使用Awk或Cut打印列？

Question

使用Awk或Cut打印列？

3

我正在编写一个脚本，它将以文件名作为参数，查找每行开头的特定单词 - 在这种情况下是单词ATOM，并打印特定列的值。

$FILE=*.pdb *

if test $# -lt 1
then
 echo "usage: $0 Enter a .PDB filename"
 exit
fi
if test -r $FILE
then
 grep ^ATOM $FILE | awk '{ print $18 }' | awk '{ print NR $4, "\t" $38,}'
else
 echo "usage: $FILE must be readable"
 exit
fi

我有三个问题需要解决：

如何使用awk仅打印第一个单词为ATOM的行
如何使用awk仅打印符合上述条件的行中的特定列，具体是2-20和38-40列
如何指示这必须是pdb文件？*.pdb *

- Koala

3个回答

1

与答案相反，您的任务可以仅使用一个awk命令完成。

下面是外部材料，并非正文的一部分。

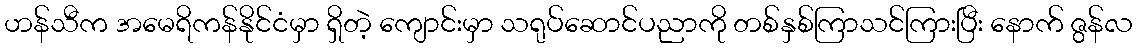
ဟန်သီက အမေရိကန်နိုင်ငံမှာ ရှိတဲ့ ကျောင်းမှာ သရုပ်ဆောင်ပညာကို တစ်နှစ်ကြာသင်ကြားပြီး နောက် ဇွန်လ

无需grep或cut或...

if [ $# -lt 1 ];then
 echo "usage: $0 Enter a .PDB filename"
 exit
fi
FILE="$1"
case "$FILE" in
*.pdb )

if test -r $FILE
then 
 # do for 2-20 assuming whites paces as column separators
 awk '$1=="ATOM" && NF>18 { 
   printf "%s ",$2
   for(i=3;i<=19;i++){
     printf "%s ",$i
   }
   printf "%s",$20   
 }' "$FILE"
else
 echo "usage: $FILE must be readable"
 exit
fi
;;
*) exit;;
esac

- ghostdog74

0

您可以在本地的bash中完成所有需要的操作，而无需生成任何子进程：

#!/bin/bash

declare    key="ATOM"
declare    print_columns=( 2 3 4 5 6 7 8 9 10 11 12 13 14 15 16 17 18 19 20 38 39 40 )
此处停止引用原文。